Scoprì così che l’indomani sarebbe stato il loro ultimo giorno nella nostra città e che dopo le ultime compere avrebbero preparato le valigie.
Fu un colpo al cuore, come una freccia avvelenata che fa effetto molto lentamente, facendoti soffrire ogni attimo di più prima di ucciderti completamente.
Dovevo passare con lei ogni attimo possibile, renderla la musa delle mie giornate future, farla vivere con me durante la sua assenza.
Solo allora mi accorsi di quanto il tempo fosse visto come un ostacolo; il tempo, in quel caso, veniva in mio favore, donandomi la possibilità di creare qualcosa dal nulla, di essere il Dio della mia vita, il giudice delle mie azioni.
Avrei potuto gettare le basi per quella che sarebbe potuta benissimo essere una grande amicizia come qualcosa di più, in un futuro non molto remoto.
Mi affacciai alla finestra, quando un abbraccio mi strinse da dietro ed il suo viso comparve alla mia sinistra; il cielo quella mattina era limpido, non una nuvola, le montagne innevate davano un’atmosfera natalizia al paesaggio, una bambina urlava e giocava in cortile, ignara del mondo che va avanti.
Quando si è bambini la felicità vien da sé, sempre.
Quando si è bambini la felicità non è un’utopia, ma una realtà.
Quando si è bambini la felicità esiste, a prescindere.
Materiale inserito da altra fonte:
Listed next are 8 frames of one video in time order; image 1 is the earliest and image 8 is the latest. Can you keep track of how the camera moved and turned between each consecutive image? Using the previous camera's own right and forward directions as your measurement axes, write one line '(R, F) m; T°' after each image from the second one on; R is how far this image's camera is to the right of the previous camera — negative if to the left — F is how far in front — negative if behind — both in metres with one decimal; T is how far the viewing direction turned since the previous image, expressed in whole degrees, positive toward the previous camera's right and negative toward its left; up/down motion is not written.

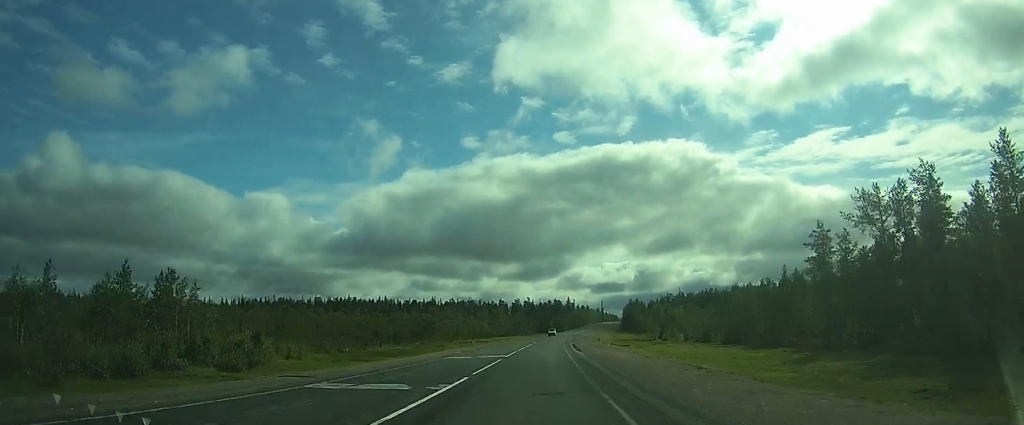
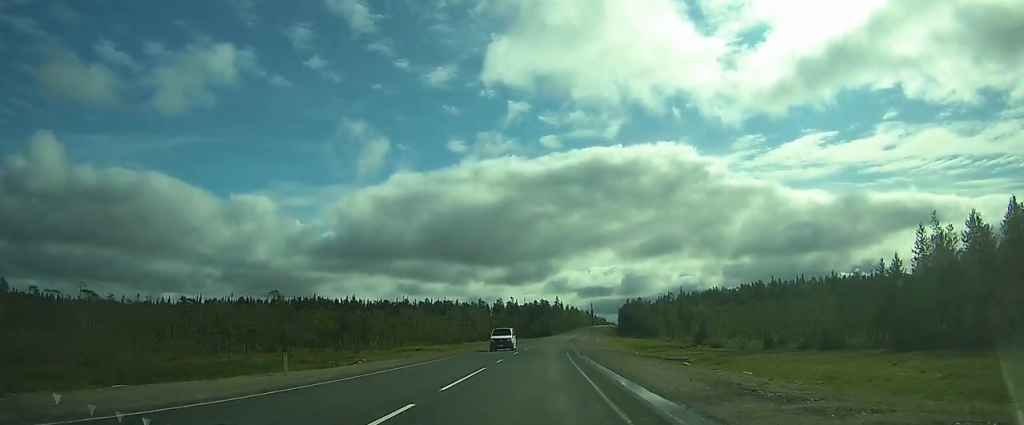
(+0.3, +42.9) m; 0°
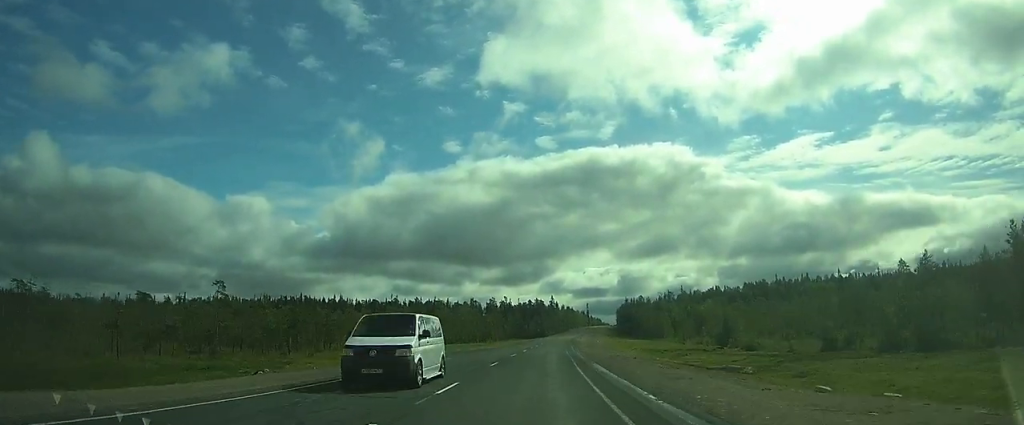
(0.0, +14.6) m; 0°
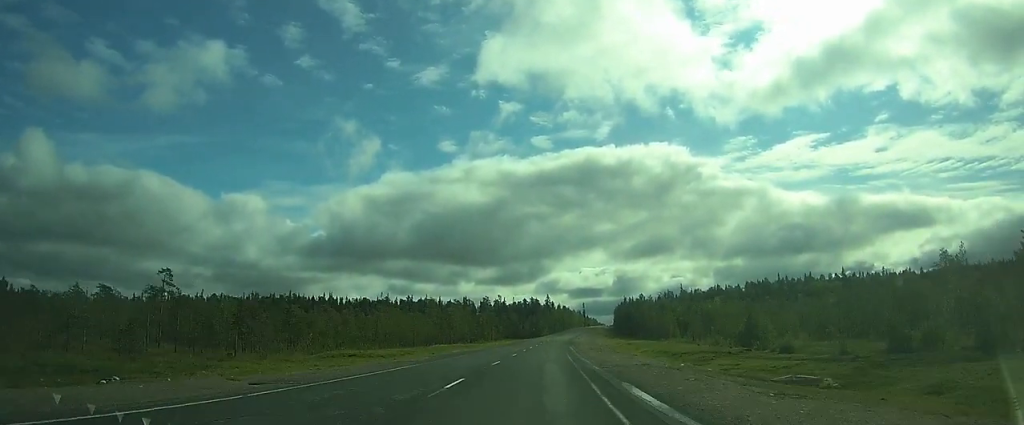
(0.0, +10.6) m; +1°
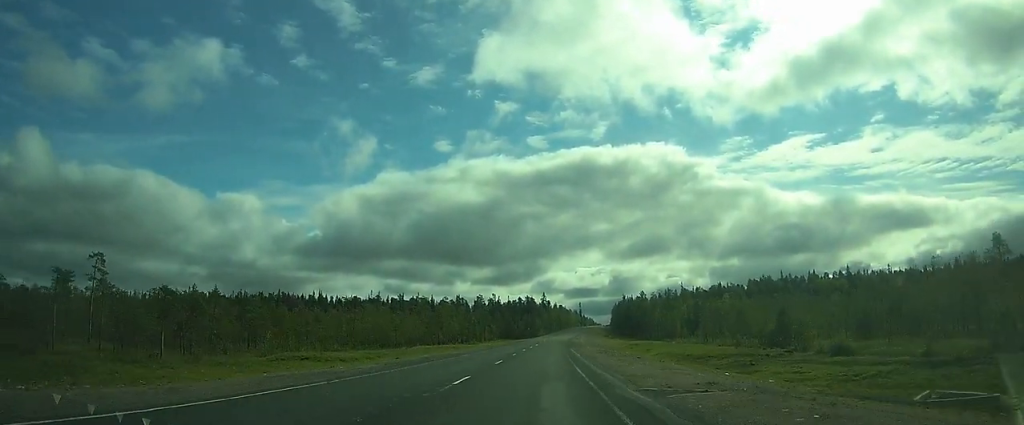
(-0.1, +10.6) m; +1°
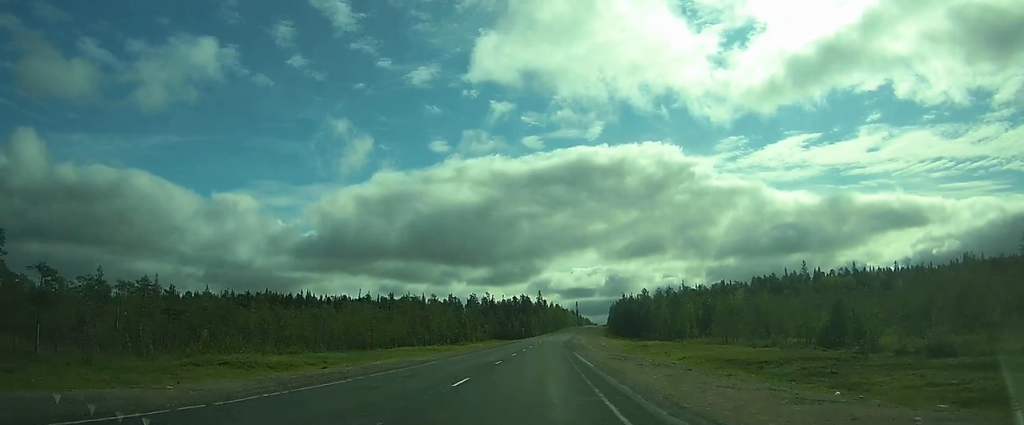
(+0.3, +11.9) m; 0°
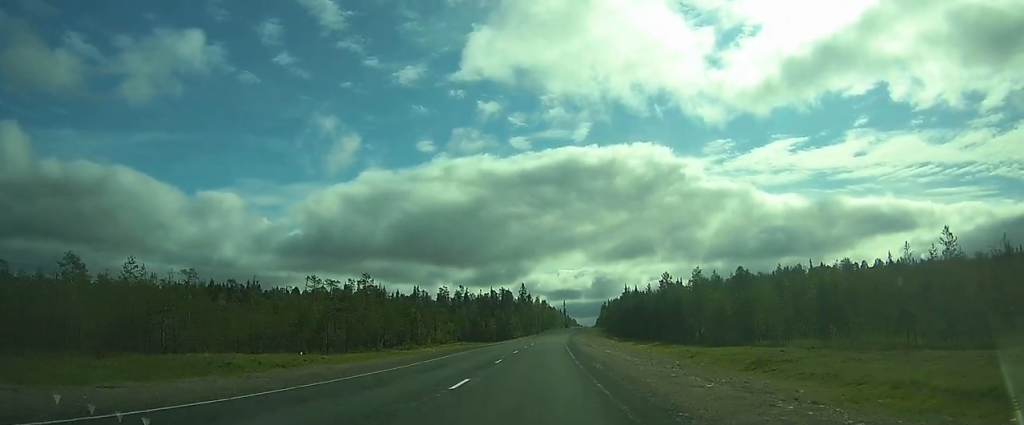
(-0.4, +48.2) m; 0°
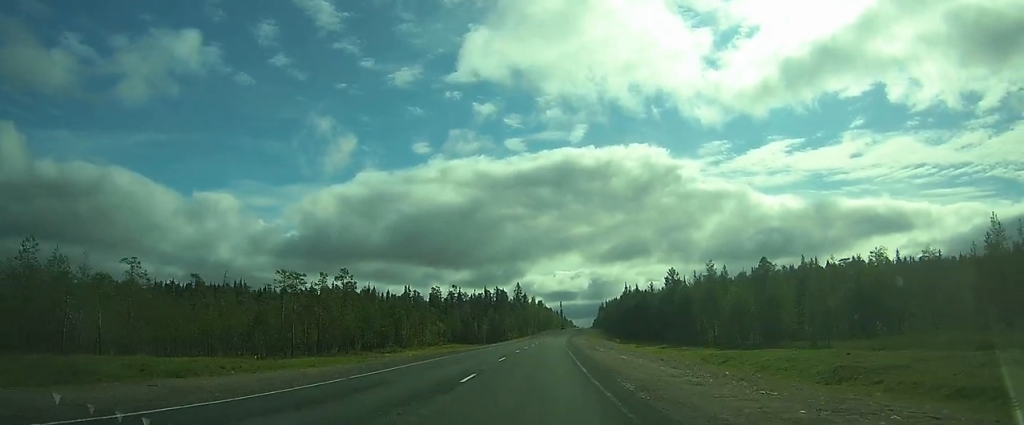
(0.0, +9.6) m; 0°

In un periodo della mia vita avevo anche smesso di credere nell’amore, ma è lo stesso principio. L’amore esiste, è sempre esistito, diventa solo più difficile riconoscerlo.
Sorrisi di quei giorni a dir poco fantastici, sorrisi di quel futuro che si prospettava dinnanzi a me, pieno di incognite e del piacere della scoperta.
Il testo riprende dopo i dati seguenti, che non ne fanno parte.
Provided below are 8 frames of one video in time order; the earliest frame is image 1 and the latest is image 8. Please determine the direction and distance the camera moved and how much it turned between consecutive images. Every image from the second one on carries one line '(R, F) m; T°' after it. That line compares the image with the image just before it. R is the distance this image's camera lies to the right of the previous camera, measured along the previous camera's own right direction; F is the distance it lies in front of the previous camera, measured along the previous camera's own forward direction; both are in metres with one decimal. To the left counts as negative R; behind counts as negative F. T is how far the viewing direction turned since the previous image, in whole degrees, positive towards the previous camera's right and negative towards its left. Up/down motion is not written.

E poi sorrisi a lei, e dopo averla guardata dritta negli occhi le schioccai un bacio sulla guancia.
Era l’inizio di un’amicizia oltre i limiti della normalità.
Dopo aver cercato di nascondere il rossore sul suo viso mi prese per mano e mi fece stendere nuovamente sul quel letto che, ormai, sapeva di lei in modo indelebile, mi abbracciò fin quasi a stritolarmi e mi sussurrò nell’orecchio poche parole, ma intense, che mi fecero sorridere ancora.

«Ti voglio bene»

La strinsi più forte a me venendo inondato da quel suo profumo irresistibile.
La mia scelta diventava ogni attimo sempre più difficile.

«Anch’io ti voglio bene.»

E senza volerlo ci addormentammo di nuovo, in quell’abbraccio che avrei voluto fosse eterno.

Ed il frutto proibito divenne il frutto della passione.